Original (2×3)      Transposed (3×2)
[1  2  3]           [1  4]
[4  5  6]           [2  5]
                    [3  6]

This operation is fundamental when data is organized by rows but we need to work with columns, or when matrix dimensions need to align for multiplication. In machine learning, transposing allows us to switch between representing each sample as a row and representing each feature as a row, depending on what an algorithm requires:

import Quiver

// Athlete data: rows are athletes, columns are metrics
let athletes = [
    [8.5, 2.1],   // Athlete A: speed, jump height
    [7.2, 2.4],   // Athlete B
    [9.1, 1.9]    // Athlete C
]

// Transpose to get columns as rows
let byMetric = athletes.transposed()
// [[8.5, 7.2, 9.1],   -- all speeds
//  [2.1, 2.4, 1.9]]   -- all jump heights

// Now we can compute per-metric statistics directly
byMetric[0].mean()  // 8.27 average speed
byMetric[1].std()   // 0.21 jump height variability

Building algorithmic intuition

Matrices provide a powerful framework for organizing multi-dimensional data into structured rectangular arrays. The row-column format naturally represents relationships — whether sensor readings over time, feature values across samples, or word counts across documents. This organization enables systematic operations on entire datasets rather than processing individual values one at a time.

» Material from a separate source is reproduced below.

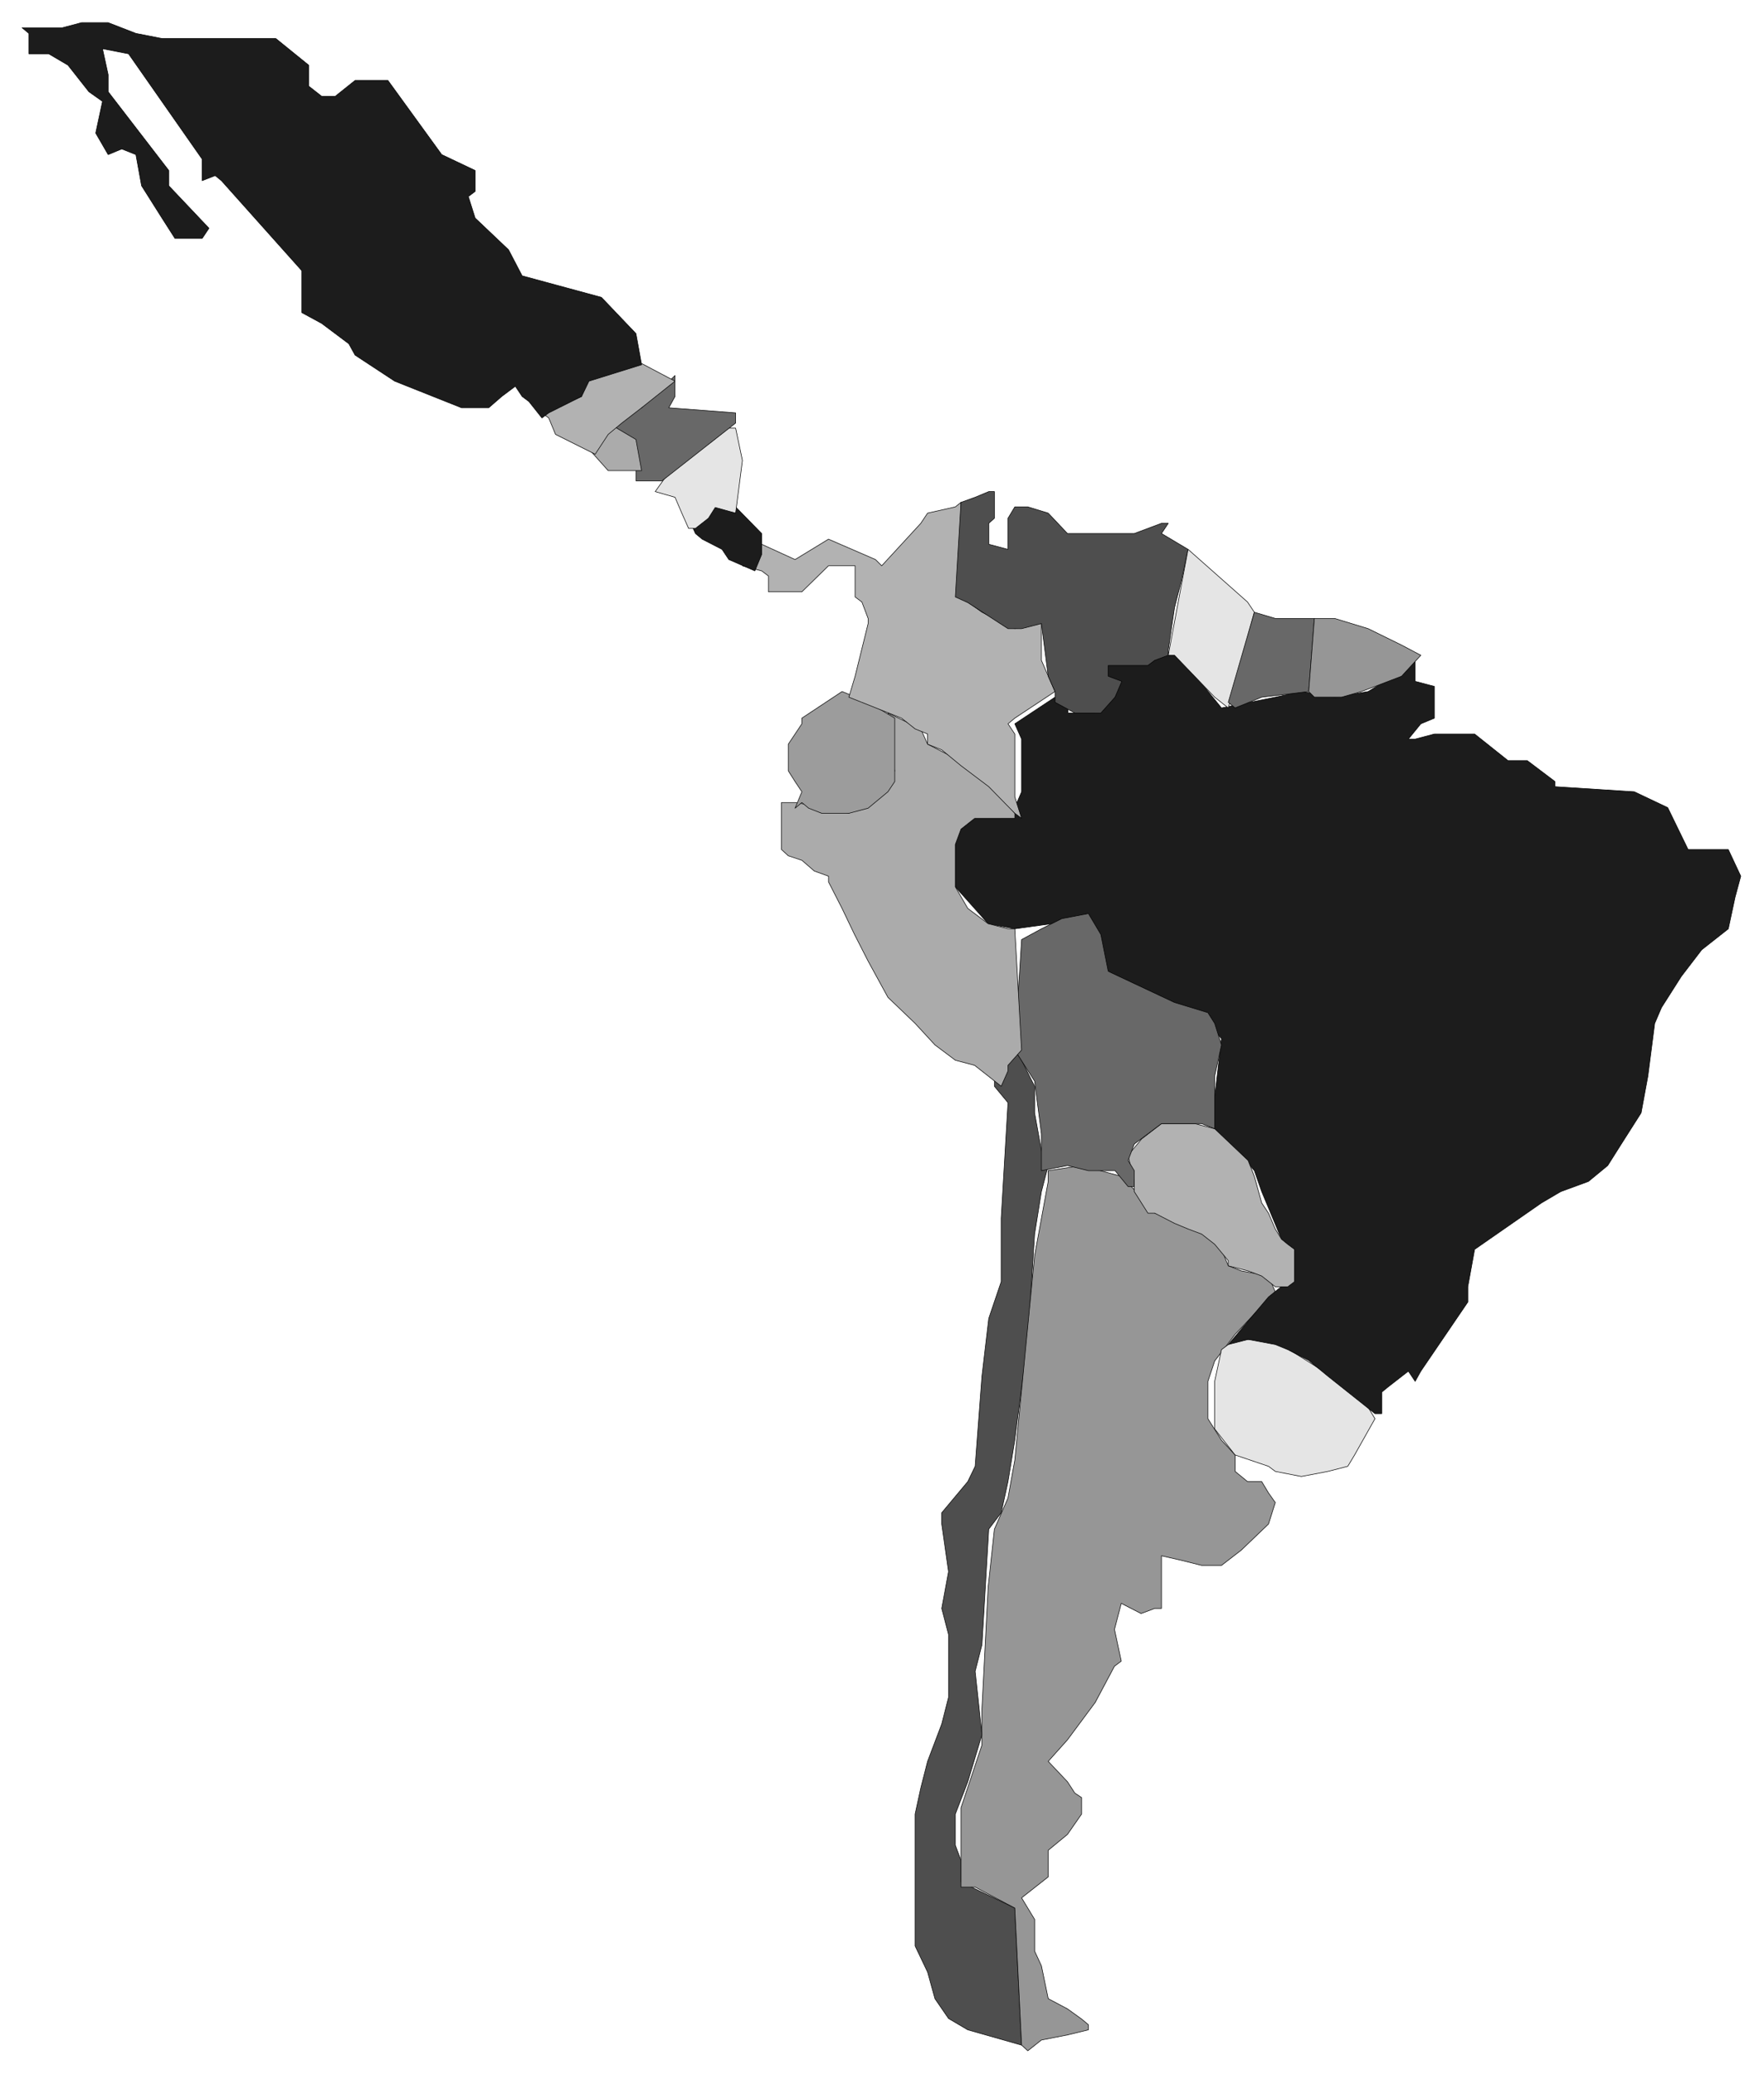 <svg xmlns="http://www.w3.org/2000/svg" fill-rule="evenodd" height="580.119" preserveAspectRatio="none" stroke-linecap="round" viewBox="0 0 3115 3662" width="493.465"><style>.pen0{stroke:#000;stroke-width:1;stroke-linejoin:round}.brush1{fill:#4e4e4e}.brush2{fill:#969696}.brush3{fill:#e5e5e5}.brush4{fill:#1c1c1c}.brush5{fill:#b2b2b2}.brush6{fill:#686868}.brush7{fill:#ababab}</style><path class="pen0 brush1" d="m1804 3611-95-27-34-20-24-35-13-47-22-46v-233l10-46 12-47 25-66 12-47v-111l-12-46 12-65-12-84v-20l46-55 13-27 12-159 12-102 22-65v-112l12-204-24-29v-18l36-46 12 18 23 46v47l12 66 12 27-12 46-12 75-12 186-23 178-12 73-12 55-22 29-12 204-12 47 12 112-25 83-22 57v55l10 27v38l95 46 12 242z"/><path class="pen0 brush2" d="m1922 3584-37 9-46 9-24 19-11-10-12-242-70-37h-25v-140l37-111v-64l11-215 11-102 24-55 12-67 35-361 24-131v-19l59-9 70 19 35 36 24 29 59 18 35 19 24 27 12 29 23 9 48 9 12 28-71 75-36 47-12 36v66l24 38 24 26v29l22 18h25l12 20 12 17-12 38-48 46-35 27h-35l-36-9-35-8v93h-12l-24 9-35-18-12 46 12 56-12 9-34 64-49 66-34 38 34 36 13 20 12 8v29l-25 36-34 28v47l-47 37 23 38v56l12 26 12 58 34 18 25 18 12 10v9z"/><path class="pen0 brush3" d="m2240 2589-59-20-36-46v-84l12-56 24-18h47l34 9 59 37 59 38 36 36 12 20-36 64-12 20-35 9-47 9-46-9-12-9z"/><path class="pen0 brush4" d="m2428 2496-83-66-34-28-37-19-22-9-48-9-35 9 71-84 46-37v-47l-23-18-35-84-13-37-23-27-35-29-12-18v-56l12-103-24-27-23-19-36-18-93-37-24-19-13-17-10-57-12-18-130 18-47-9-58-65v-84l10-18 25-19h46l24-19 12-28v-93l-12-27 71-47 23 19v9h48l23-19 12-9-12-37v-20h58l59-26 83 102 95-19 46-10 59 10 59-10 59-36 24-28v46l34 9v56l-24 10-22 27h12l34-9h71l59 47h34l49 37v9l140 9 59 28 36 74h71l22 47-10 37-12 56-47 37-36 47-35 55-12 28-12 93-12 65-35 55-24 38-34 28-49 18-34 20-118 82-12 66v27l-83 122-10 18-12-18-36 28-11 9v38h-12z"/><path class="pen0 brush5" d="m2252 2272-24-19-24-9-35-9v-9l-24-29-23-18-24-9-24-10-35-18h-12l-24-38v-18l-11-46 24-29 35-27h59l35 9 59 56 11 28 13 47 12 18 12 28 11 18 11 9 12 9v57l-12 9h-22z"/><path class="pen0 brush6" d="m1992 2095-23-28h-47l-37-9-46 9v-65l-12-93-35-55 12-195 35-19 36-18 47-9 22 37 13 65 117 55 59 18 12 19 12 38-12 55v93l-23-9h-71l-48 36-11 29 11 18v28h-11z"/><path class="pen0 brush7" d="m1768 1918-47-37-34-9-36-27-35-38-48-46-35-64-24-47-22-46-24-47v-10l-25-9-22-19-24-8-12-11v-83h24l59 10 36 9 47-29 22-18 12-28-12-47v-55l58 28 12 27 37 19 34 19 36 28 23 27 24 29v9h-71l-24 19-10 27v75l22 38 36 27 35 9h12l12 214-24 27v10l-12 27z"/><path class="pen0" style="fill:#9c9c9c" d="m1404 1427 12-29-12-18-12-19v-47l24-36v-10l71-47 46 19 47 28v112l-12 18-35 29-34 9h-48l-23-9-12-10-12 10z"/><path class="pen0 brush5" d="m1792 1436-46-47-49-37-34-28-25-10v-18l-22-9-24-19-93-37 11-37 23-93v-9l-11-29-12-9v-55h-47l-47 46h-59v-28l-12-9-34-9 34-38 59 27 59-36 83 36 11 11 35-38 34-37 12-18 49-11 10-8v167l37 27 58 29 35-9 12-9v74l24 55-71 47-12 10 12 18v111l12 38-12-9z"/><path class="pen0 brush1" d="m1863 1221-12-27-12-93-35 9h-24l-71-46-22-10 10-167 25-9 24-10h10v47l-10 9v37l34 9v-55l12-20h23l36 11 34 36h118l24-9 24-9h12l-12 18 47 28-12 56-12 47-11 75v9l-24 9-12 9h-70v19l24 9-12 28-25 28h-46l-35-19v-19z"/><path class="pen0 brush3" d="m2063 1157 35-187 105 93 12 18-46 169-24-19-71-74h-11z"/><path class="pen0 brush6" d="m2169 1240 46-159 37 11h69l-10 129-83 10-47 19-12-10z"/><path class="pen0 brush2" d="m2311 1221 10-129h36l59 18 59 29 34 18-34 37-47 18-24 9-35 10h-48l-10-10z"/><path class="pen0 brush4" d="m1333 1008-46-20-12-18-35-18-12-10-12-27 47-20h36l46 47v37l-12 29z"/><path class="pen0 brush3" d="m1216 933-12-27-12-28-35-10 47-66 47-18 35-28h13l12 57-12 93-36-10-12 19-23 18h-12z"/><path class="pen0 brush6" d="m1299 747-130 102h-46v-65l-37-28 25-36h22l59-57v37l-11 20 118 9v18z"/><path class="pen0 brush7" d="M1133 831h-59l-34-38 34-46 49 29 10 55z"/><path class="pen0 brush5" d="m1051 802-36-18-34-17-12-29-12-9 70-29v-27l95-37 70 37-59 47-35 27-24 20-23 35z"/><path class="pen0 brush4" d="M62 49h48l34-9h47l49 19 46 9h201l58 47v37l23 18h24l35-28h58l95 131 59 28v37l-12 9 12 38 59 56 24 46 140 38 61 64 10 55-93 29-13 27-58 29-12 9-23-29-12-9-12-18-24 18-23 20h-48l-118-47-70-46-11-20-48-36-35-19v-74L391 319l-11-9-23 9v-38L227 95l-46-9 10 46v30l107 139v27l71 75-12 18h-48l-23-36-36-57-10-55-25-10-24 10-22-38 12-56-24-17-37-47-34-20H51V59L39 49h23z"/></svg>

The operations we’ve covered here — creation, reshaping, element-wise arithmetic, broadcasting, and transposing — form the structural foundation for matrices. In Chapter 22, we’ll see how matrix multiplication transforms vectors through space, enabling scaling, rotation, and composition of transformations. Chapter 23 then applies these tools to measure how similar or different data points are, connecting matrix operations directly to recommendation systems and semantic search.